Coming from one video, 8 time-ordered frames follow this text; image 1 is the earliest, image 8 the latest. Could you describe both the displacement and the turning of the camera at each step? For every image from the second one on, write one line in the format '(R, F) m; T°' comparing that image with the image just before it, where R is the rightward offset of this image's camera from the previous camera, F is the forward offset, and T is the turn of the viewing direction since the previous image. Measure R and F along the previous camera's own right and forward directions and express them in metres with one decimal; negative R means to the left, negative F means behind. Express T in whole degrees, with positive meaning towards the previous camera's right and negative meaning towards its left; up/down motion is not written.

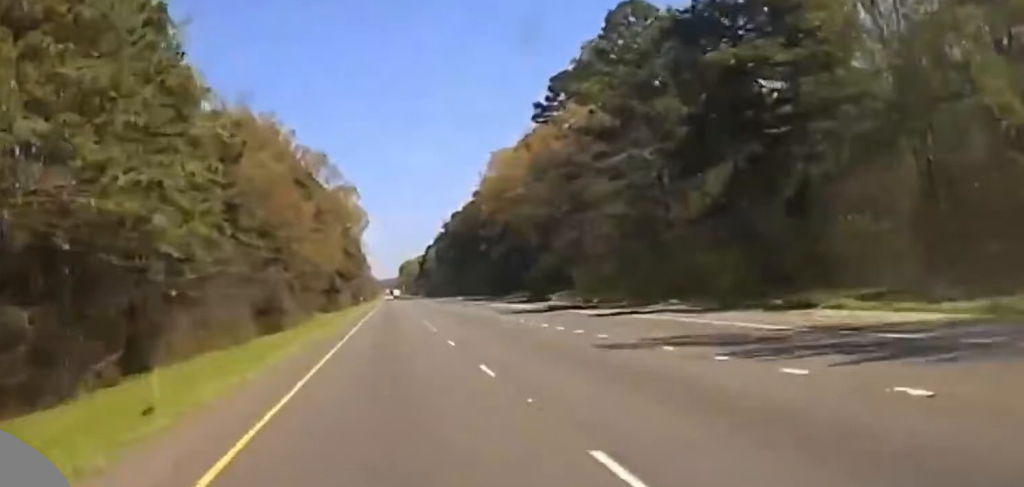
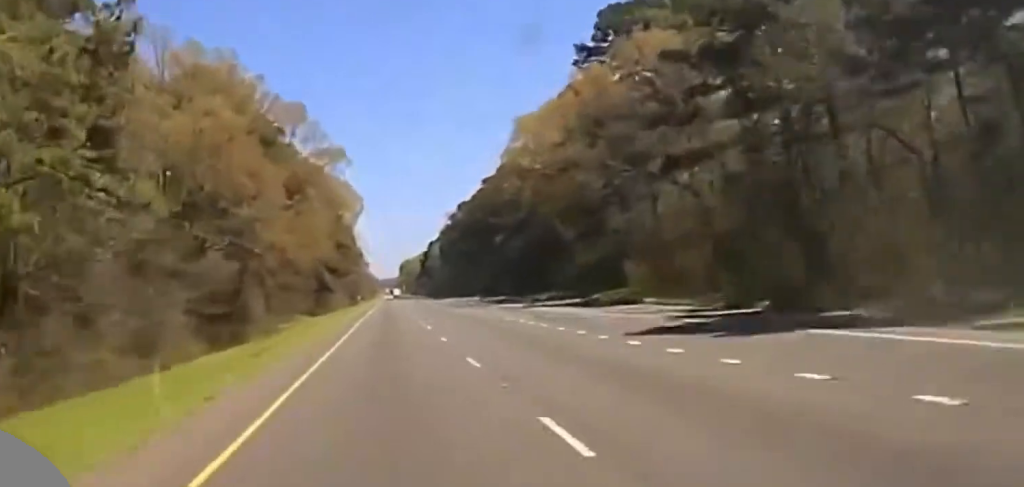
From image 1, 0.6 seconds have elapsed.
(+0.1, +35.9) m; 0°
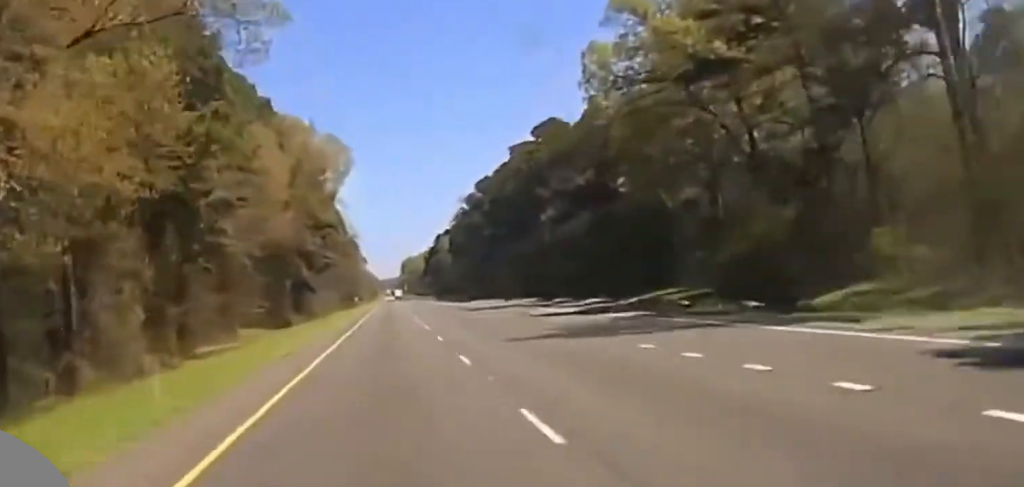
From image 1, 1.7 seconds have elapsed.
(0.0, +64.4) m; 0°
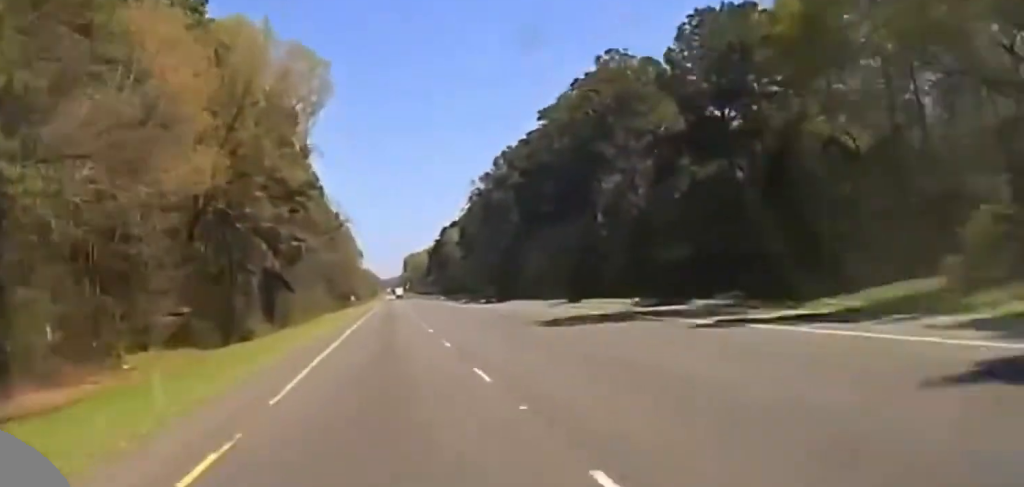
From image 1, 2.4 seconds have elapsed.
(0.0, +38.3) m; 0°
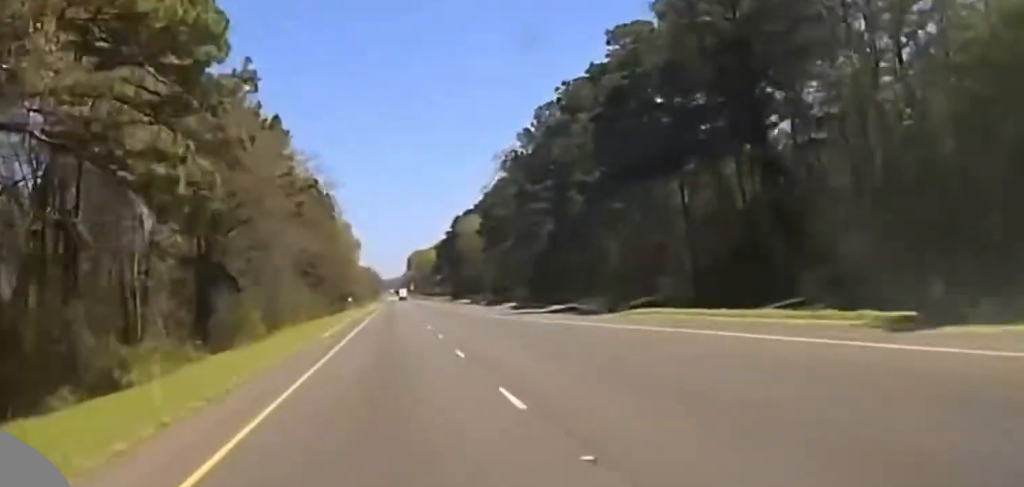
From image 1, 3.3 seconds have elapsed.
(-0.2, +48.8) m; 0°
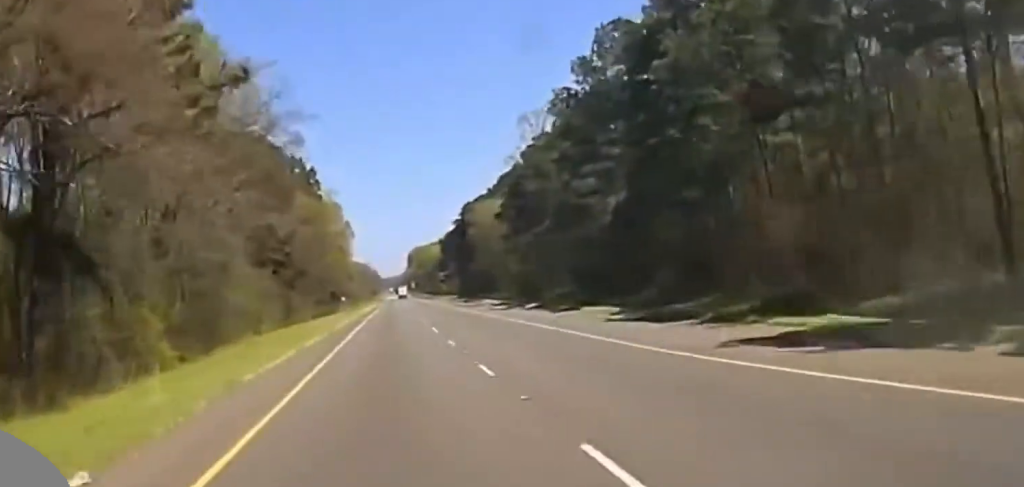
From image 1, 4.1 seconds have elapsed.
(+0.3, +41.2) m; 0°
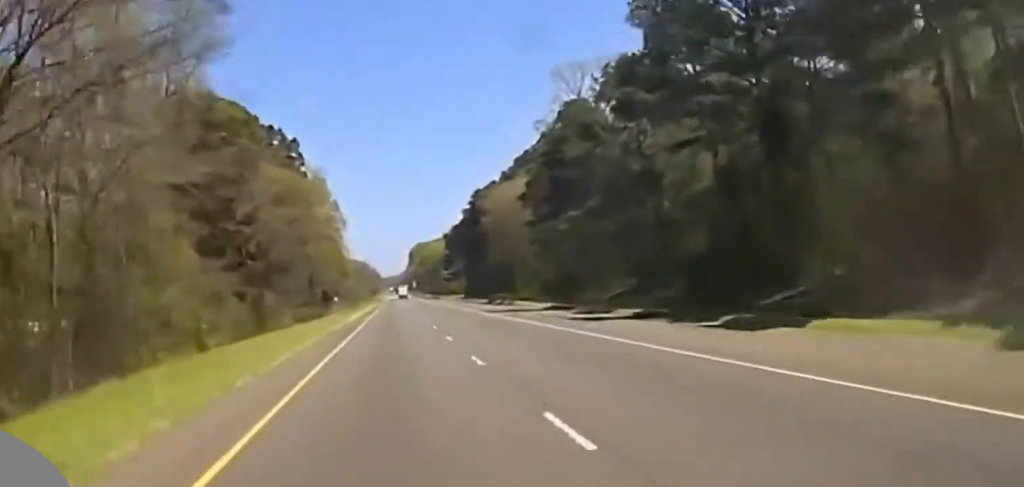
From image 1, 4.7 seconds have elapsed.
(+0.1, +31.0) m; 0°
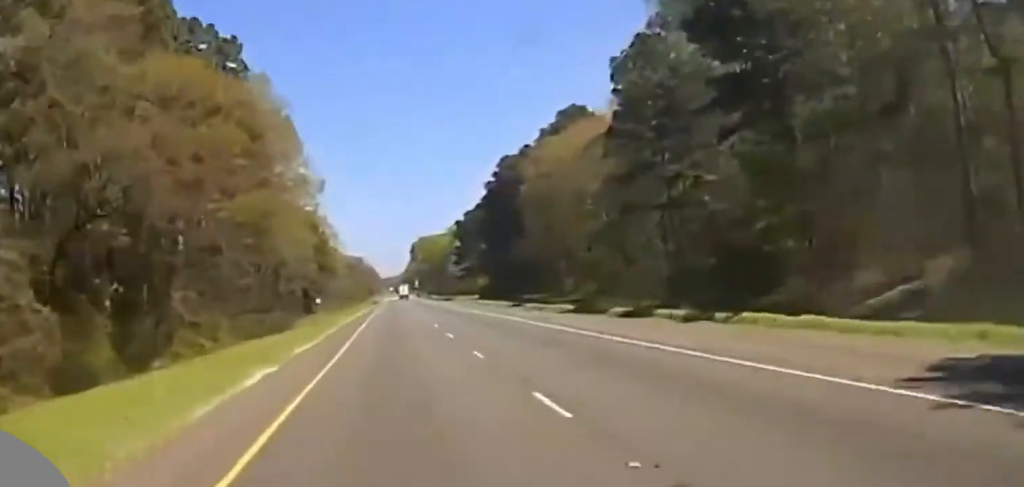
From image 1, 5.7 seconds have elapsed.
(-0.4, +57.8) m; 0°

**Exercise directions**
Please repeat the lines that run from the one holding "From image 1, 1.7 seconds have elapsed." to the last line of the material, both included, exactly and without pictures.

**Task result**
From image 1, 1.7 seconds have elapsed.
(0.0, +64.4) m; 0°
From image 1, 2.4 seconds have elapsed.
(0.0, +38.3) m; 0°
From image 1, 3.3 seconds have elapsed.
(-0.2, +48.8) m; 0°
From image 1, 4.1 seconds have elapsed.
(+0.3, +41.2) m; 0°
From image 1, 4.7 seconds have elapsed.
(+0.1, +31.0) m; 0°
From image 1, 5.7 seconds have elapsed.
(-0.4, +57.8) m; 0°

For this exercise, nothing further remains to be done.